Действительно, Зимину не хотелось жить в лишенном нравственности мире. Но он понимал, что от его желания уже ничего не зависит. Тем более в настоящее время он находился в ситуации, в которой ему могла помочь только полная отмена нравственности и принципов социальной справедливости. Зимин неожиданно сообразил: одно то, что ему разрешили убить человека, означает, что все фундаментальные ценности, о которых вспомнил Сладов, уже отвергнуты, и табу решительно обнулены. Говорить о морали было уже поздно. Сам он заметил ее исчезновение только, когда жизнь заставила обратить на это внимание. Интересно, что произошло у Сладова, почему он вдруг заговорил о вредности морали?
— Вашу философию в комикс не вставишь, — сказала Июлева. — Предлагаю сменить тему. Давайте выпьем за Зимина. Познакомилась я с ним только сегодня, но вижу, что он исключительно достойный человек. Воспользуемся случаем и восхитимся этим качеством — достоинством, пока Сладов и его не отменил за ненадобностью.
— Отлично сказано, — воскликнул Генов, поднимая рюмку. — Я о Зимине много хорошего могу рассказать. Бывает так, и человек хороший, а рассказать о нем нечего. Зимин не такой. О нем надо говорить чаще.
— Поддерживаю, — сказал Егорч. — Он незаурядный мыслитель. Иногда и сам не понимает, что говорит. Одно слово — молодец.
— Больше меня о Зимине никто не знает, — заявил Сладов. — Есть в нем что-то от старого времени. Можно написать интересную книжку. А почему бы и нет. Займусь на досуге. Кстати, лично я отменять мораль не собираюсь, в этом нет особой необходимости. Она прекрасно отомрет и сама, по мере поступательного развития прогресса.
Празднование продолжалось. Гости были довольны.
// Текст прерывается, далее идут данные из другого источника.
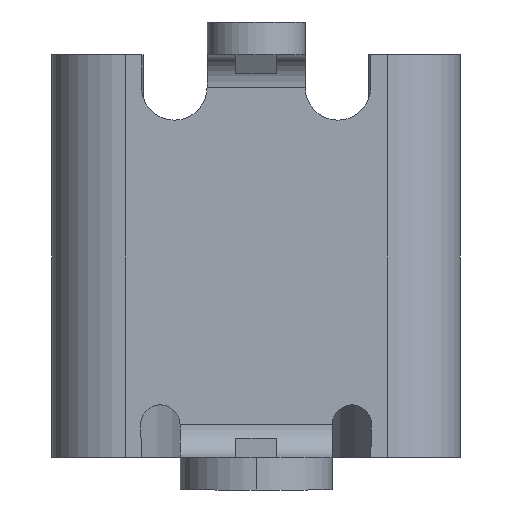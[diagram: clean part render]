
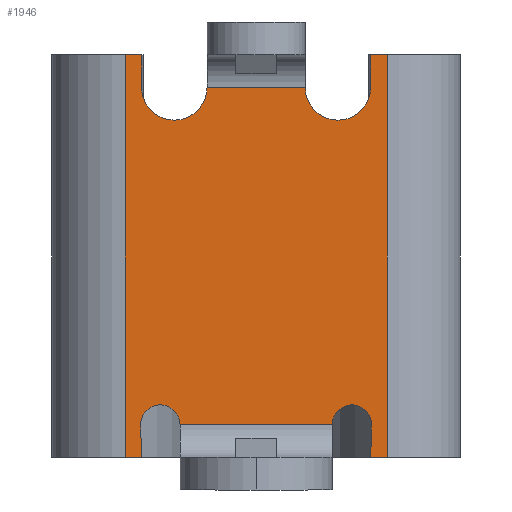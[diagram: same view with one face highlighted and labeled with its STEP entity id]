
A CAD part, front view. The second image highlights one B-rep face of the part: STEP entity #1946.
In plain terms, the highlighted planar face has unit normal (0, -1, 0).
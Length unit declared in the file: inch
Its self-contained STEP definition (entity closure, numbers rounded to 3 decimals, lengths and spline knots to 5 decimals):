
#30 = DIRECTION ( 'NONE',  ( 0., 0., -1. ) ) ;
#31 = DIRECTION ( 'NONE',  ( 0., 1., 0. ) ) ;
#32 = CARTESIAN_POINT ( 'NONE',  ( -0.05, 0., 0.194 ) ) ;
#33 = AXIS2_PLACEMENT_3D ( 'NONE', #32, #31, #30 ) ;
#34 = CIRCLE ( 'NONE', #33, 0.02 ) ;
#346 = CARTESIAN_POINT ( 'NONE',  ( -0.05, 0., 0.174 ) ) ;
#368 = CARTESIAN_POINT ( 'NONE',  ( -0.03, 0., 0.194 ) ) ;
#1557 = LINE ( 'NONE', #1619, #1618 ) ;
#1567 = AXIS2_PLACEMENT_3D ( 'NONE', #1640, #1639, #1638 ) ;
#1616 = CARTESIAN_POINT ( 'NONE',  ( 0.0465, 0., -0.012 ) ) ;
#1617 = DIRECTION ( 'NONE',  ( -0.021, 0., -1. ) ) ;
#1618 = VECTOR ( 'NONE', #1617, 39.37008 ) ;
#1619 = CARTESIAN_POINT ( 'NONE',  ( 0.07524, 0., 0.2107 ) ) ;
#1627 = DIRECTION ( 'NONE',  ( -1., 0., 0. ) ) ;
#1628 = VECTOR ( 'NONE', #1627, 39.37008 ) ;
#1629 = CARTESIAN_POINT ( 'NONE',  ( -0.08, 0., 0.214 ) ) ;
#1630 = LINE ( 'NONE', #1629, #1628 ) ;
#1638 = DIRECTION ( 'NONE',  ( 0., 0., -1. ) ) ;
#1639 = DIRECTION ( 'NONE',  ( 0., 1., 0. ) ) ;
#1640 = CARTESIAN_POINT ( 'NONE',  ( -0.0585, 0., -0.012 ) ) ;
#1641 = CIRCLE ( 'NONE', #1567, 0.012 ) ;
#1642 = CARTESIAN_POINT ( 'NONE',  ( 0.0705, 0., -0.01226 ) ) ;
#1912 = VERTEX_POINT ( 'NONE', #3462 ) ;
#1921 = EDGE_CURVE ( 'NONE', #1928, #1912, #3545, .T. ) ;
#1928 = VERTEX_POINT ( 'NONE', #3449 ) ;
#1942 = ORIENTED_EDGE ( 'NONE', *, *, #1961, .T. ) ;
#1946 = ADVANCED_FACE ( 'NONE', ( #3458 ), #3457, .T. ) ;
#1956 = VERTEX_POINT ( 'NONE', #3429 ) ;
#1959 = ORIENTED_EDGE ( 'NONE', *, *, #2015, .T. ) ;
#1961 = EDGE_CURVE ( 'NONE', #1956, #2469, #3273, .T. ) ;
#1967 = ORIENTED_EDGE ( 'NONE', *, *, #1921, .T. ) ;
#1981 = ORIENTED_EDGE ( 'NONE', *, *, #1982, .T. ) ;
#1982 = EDGE_CURVE ( 'NONE', #2068, #1928, #3558, .T. ) ;
#1988 = VERTEX_POINT ( 'NONE', #3592 ) ;
#2008 = ORIENTED_EDGE ( 'NONE', *, *, #2009, .T. ) ;
#2009 = EDGE_CURVE ( 'NONE', #2171, #2010, #3619, .T. ) ;
#2010 = VERTEX_POINT ( 'NONE', #3609 ) ;
#2012 = ORIENTED_EDGE ( 'NONE', *, *, #2252, .T. ) ;
#2014 = ORIENTED_EDGE ( 'NONE', *, *, #2211, .T. ) ;
#2015 = EDGE_CURVE ( 'NONE', #1912, #1956, #3648, .T. ) ;
#2017 = EDGE_LOOP ( 'NONE', ( #2065, #1981, #1967, #1959, #1942, #2093, #2209, #2014, #2170, #2232, #2296, #2008, #2012, #2256, #2238, #2240, #2237, #2165 ) ) ;
#2054 = VERTEX_POINT ( 'NONE', #3815 ) ;
#2065 = ORIENTED_EDGE ( 'NONE', *, *, #2066, .T. ) ;
#2066 = EDGE_CURVE ( 'NONE', #2067, #2068, #3827, .T. ) ;
#2067 = VERTEX_POINT ( 'NONE', #3828 ) ;
#2068 = VERTEX_POINT ( 'NONE', #3696 ) ;
#2090 = EDGE_CURVE ( 'NONE', #2476, #2091, #3782, .T. ) ;
#2091 = VERTEX_POINT ( 'NONE', #3802 ) ;
#2093 = ORIENTED_EDGE ( 'NONE', *, *, #2365, .T. ) ;
#2111 = EDGE_CURVE ( 'NONE', #2054, #1988, #3691, .T. ) ;
#2164 = EDGE_CURVE ( 'NONE', #2197, #2199, #3986, .T. ) ;
#2165 = ORIENTED_EDGE ( 'NONE', *, *, #2166, .F. ) ;
#2166 = EDGE_CURVE ( 'NONE', #2067, #2199, #3944, .T. ) ;
#2169 = VERTEX_POINT ( 'NONE', #3973 ) ;
#2170 = ORIENTED_EDGE ( 'NONE', *, *, #2297, .T. ) ;
#2171 = VERTEX_POINT ( 'NONE', #3945 ) ;
#2177 = EDGE_CURVE ( 'NONE', #2242, #2249, #3987, .T. ) ;
#2189 = EDGE_CURVE ( 'NONE', #2169, #2242, #3974, .T. ) ;
#2196 = EDGE_CURVE ( 'NONE', #1988, #2171, #3931, .T. ) ;
#2197 = VERTEX_POINT ( 'NONE', #3982 ) ;
#2199 = VERTEX_POINT ( 'NONE', #3981 ) ;
#2209 = ORIENTED_EDGE ( 'NONE', *, *, #2090, .T. ) ;
#2210 = VERTEX_POINT ( 'NONE', #3922 ) ;
#2211 = EDGE_CURVE ( 'NONE', #2091, #2210, #3921, .T. ) ;
#2232 = ORIENTED_EDGE ( 'NONE', *, *, #2111, .T. ) ;
#2237 = ORIENTED_EDGE ( 'NONE', *, *, #2164, .T. ) ;
#2238 = ORIENTED_EDGE ( 'NONE', *, *, #2177, .T. ) ;
#2240 = ORIENTED_EDGE ( 'NONE', *, *, #2241, .T. ) ;
#2241 = EDGE_CURVE ( 'NONE', #2249, #2197, #1557, .T. ) ;
#2242 = VERTEX_POINT ( 'NONE', #1616 ) ;
#2249 = VERTEX_POINT ( 'NONE', #1642 ) ;
#2252 = EDGE_CURVE ( 'NONE', #2010, #2169, #1641, .T. ) ;
#2256 = ORIENTED_EDGE ( 'NONE', *, *, #2189, .T. ) ;
#2296 = ORIENTED_EDGE ( 'NONE', *, *, #2196, .T. ) ;
#2297 = EDGE_CURVE ( 'NONE', #2210, #2054, #1630, .T. ) ;
#2365 = EDGE_CURVE ( 'NONE', #2469, #2476, #34, .T. ) ;
#2469 = VERTEX_POINT ( 'NONE', #368 ) ;
#2476 = VERTEX_POINT ( 'NONE', #346 ) ;
#3272 = CARTESIAN_POINT ( 'NONE',  ( -0.08, 0., 0.194 ) ) ;
#3273 = LINE ( 'NONE', #3272, #3377 ) ;
#3376 = DIRECTION ( 'NONE',  ( -1., 0., 0. ) ) ;
#3377 = VECTOR ( 'NONE', #3376, 39.37008 ) ;
#3429 = CARTESIAN_POINT ( 'NONE',  ( 0.03, 0., 0.194 ) ) ;
#3449 = CARTESIAN_POINT ( 'NONE',  ( 0.07, 0., 0.194 ) ) ;
#3457 = PLANE ( 'NONE',  #3544 ) ;
#3458 = FACE_OUTER_BOUND ( 'NONE', #2017, .T. ) ;
#3462 = CARTESIAN_POINT ( 'NONE',  ( 0.05, 0., 0.174 ) ) ;
#3537 = DIRECTION ( 'NONE',  ( 0., 0., -1. ) ) ;
#3538 = DIRECTION ( 'NONE',  ( 0., 1., 0. ) ) ;
#3539 = CARTESIAN_POINT ( 'NONE',  ( 0.05, 0., 0.194 ) ) ;
#3540 = AXIS2_PLACEMENT_3D ( 'NONE', #3539, #3538, #3537 ) ;
#3541 = DIRECTION ( 'NONE',  ( 0., 0., -1. ) ) ;
#3542 = DIRECTION ( 'NONE',  ( 0., -1., 0. ) ) ;
#3543 = CARTESIAN_POINT ( 'NONE',  ( -0.08, 0., 0.214 ) ) ;
#3544 = AXIS2_PLACEMENT_3D ( 'NONE', #3543, #3542, #3541 ) ;
#3545 = CIRCLE ( 'NONE', #3540, 0.02 ) ;
#3556 = DIRECTION ( 'NONE',  ( 0., 0., -1. ) ) ;
#3557 = CARTESIAN_POINT ( 'NONE',  ( 0.07, 0., 0.214 ) ) ;
#3558 = LINE ( 'NONE', #3557, #3561 ) ;
#3561 = VECTOR ( 'NONE', #3556, 39.37008 ) ;
#3592 = CARTESIAN_POINT ( 'NONE',  ( -0.08, 0., -0.032 ) ) ;
#3609 = CARTESIAN_POINT ( 'NONE',  ( -0.0705, 0., -0.01226 ) ) ;
#3610 = DIRECTION ( 'NONE',  ( -0.021, 0., 1. ) ) ;
#3611 = VECTOR ( 'NONE', #3610, 39.37008 ) ;
#3612 = CARTESIAN_POINT ( 'NONE',  ( -0.07531, 0., 0.2141 ) ) ;
#3619 = LINE ( 'NONE', #3612, #3611 ) ;
#3644 = DIRECTION ( 'NONE',  ( 0., 0., -1. ) ) ;
#3645 = DIRECTION ( 'NONE',  ( 0., 1., 0. ) ) ;
#3646 = CARTESIAN_POINT ( 'NONE',  ( 0.05, 0., 0.194 ) ) ;
#3647 = AXIS2_PLACEMENT_3D ( 'NONE', #3646, #3645, #3644 ) ;
#3648 = CIRCLE ( 'NONE', #3647, 0.02 ) ;
#3686 = CARTESIAN_POINT ( 'NONE',  ( -0.08, 0., 0.214 ) ) ;
#3691 = LINE ( 'NONE', #3686, #3721 ) ;
#3696 = CARTESIAN_POINT ( 'NONE',  ( 0.07, 0., 0.214 ) ) ;
#3697 = DIRECTION ( 'NONE',  ( -1., 0., 0. ) ) ;
#3698 = VECTOR ( 'NONE', #3697, 39.37008 ) ;
#3720 = DIRECTION ( 'NONE',  ( 0., 0., -1. ) ) ;
#3721 = VECTOR ( 'NONE', #3720, 39.37008 ) ;
#3782 = CIRCLE ( 'NONE', #3805, 0.02 ) ;
#3796 = CARTESIAN_POINT ( 'NONE',  ( -0.05, 0., 0.194 ) ) ;
#3802 = CARTESIAN_POINT ( 'NONE',  ( -0.07, 0., 0.194 ) ) ;
#3803 = DIRECTION ( 'NONE',  ( 0., 0., -1. ) ) ;
#3804 = DIRECTION ( 'NONE',  ( 0., 1., 0. ) ) ;
#3805 = AXIS2_PLACEMENT_3D ( 'NONE', #3796, #3804, #3803 ) ;
#3815 = CARTESIAN_POINT ( 'NONE',  ( -0.08, 0., 0.214 ) ) ;
#3826 = CARTESIAN_POINT ( 'NONE',  ( -0.08, 0., 0.214 ) ) ;
#3827 = LINE ( 'NONE', #3826, #3698 ) ;
#3828 = CARTESIAN_POINT ( 'NONE',  ( 0.08, 0., 0.214 ) ) ;
#3917 = DIRECTION ( 'NONE',  ( 1., 0., 0. ) ) ;
#3918 = DIRECTION ( 'NONE',  ( 0., 0., 1. ) ) ;
#3919 = VECTOR ( 'NONE', #3918, 39.37008 ) ;
#3920 = CARTESIAN_POINT ( 'NONE',  ( -0.07, 0., 0.214 ) ) ;
#3921 = LINE ( 'NONE', #3920, #3919 ) ;
#3922 = CARTESIAN_POINT ( 'NONE',  ( -0.07, 0., 0.214 ) ) ;
#3928 = VECTOR ( 'NONE', #3946, 39.37008 ) ;
#3929 = DIRECTION ( 'NONE',  ( 1., 0., 0. ) ) ;
#3930 = CARTESIAN_POINT ( 'NONE',  ( -0.08, 0., -0.032 ) ) ;
#3931 = LINE ( 'NONE', #3930, #3983 ) ;
#3944 = LINE ( 'NONE', #3996, #3928 ) ;
#3945 = CARTESIAN_POINT ( 'NONE',  ( -0.07008, 0., -0.032 ) ) ;
#3946 = DIRECTION ( 'NONE',  ( 0., 0., -1. ) ) ;
#3973 = CARTESIAN_POINT ( 'NONE',  ( -0.0465, 0., -0.012 ) ) ;
#3974 = LINE ( 'NONE', #4002, #4001 ) ;
#3975 = DIRECTION ( 'NONE',  ( 0., 0., -1. ) ) ;
#3976 = DIRECTION ( 'NONE',  ( 0., 1., 0. ) ) ;
#3977 = CARTESIAN_POINT ( 'NONE',  ( 0.0585, 0., -0.012 ) ) ;
#3978 = AXIS2_PLACEMENT_3D ( 'NONE', #3977, #3976, #3975 ) ;
#3981 = CARTESIAN_POINT ( 'NONE',  ( 0.08, 0., -0.032 ) ) ;
#3982 = CARTESIAN_POINT ( 'NONE',  ( 0.07008, 0., -0.032 ) ) ;
#3983 = VECTOR ( 'NONE', #3929, 39.37008 ) ;
#3986 = LINE ( 'NONE', #3994, #3995 ) ;
#3987 = CIRCLE ( 'NONE', #3978, 0.012 ) ;
#3994 = CARTESIAN_POINT ( 'NONE',  ( -0.08, 0., -0.032 ) ) ;
#3995 = VECTOR ( 'NONE', #3917, 39.37008 ) ;
#3996 = CARTESIAN_POINT ( 'NONE',  ( 0.08, 0., 0.214 ) ) ;
#4000 = DIRECTION ( 'NONE',  ( 1., 0., 0. ) ) ;
#4001 = VECTOR ( 'NONE', #4000, 39.37008 ) ;
#4002 = CARTESIAN_POINT ( 'NONE',  ( -0.08, 0., -0.012 ) ) ;

— Время пришло, — сказала Алена решительно. — Уже решил — кого?
— Нет.
— Что же, когда вернешься, я выключу свет. А там уж кому не повезет, мы не виноваты.
Если необходимо совершить какое-нибудь гадкое дело, а отказаться от этого нельзя, следует исполнить его сразу, как можно быстрее, чтобы не трепать попусту нервы, и обязательно добиться цели с первого раза, чтобы его не нужно было переделывать. Каким нужно быть подонком, чтобы на гадкое дело два или три раза подряд решиться. Любой с ума сойдет.
Револьвер лежал в коробке на столе. Зимин достал его, проверил патроны — пять штук, должно хватить — снял с предохранителя. Хотел засунуть в карман, но передумал, зачем, все равно через двадцать секунд доставать.
Всего двадцать секунд. Именно столько у него осталось времени, чтобы выбрать жертву. Слишком многое от него требовалось сделать за это крошечное время. Отбросить мораль. Ну, скажем, с этим он почти справился. Выбрать жертву. Нажать на спусковой крючок. Ужасно было то, что он никого так и не выбрал. Он не хотел смерти своим знакомым. Не каждого виновного на смерть пошлешь, а эти люди перед ним были чисты. Виноват был он, потому что согласился стать убийцей. Ребенок вырастет, а Зимин никогда от своей вины не избавится.
Но что толку толочь воду в ступе.
Зимин сделал первый шаг, дальше пошло легче.
Он открыл дверь. Гости выстроились в ряд у стенки, словно решили поиграть в некую разновидность русской рулеткой. Они были спокойны, некоторые улыбались.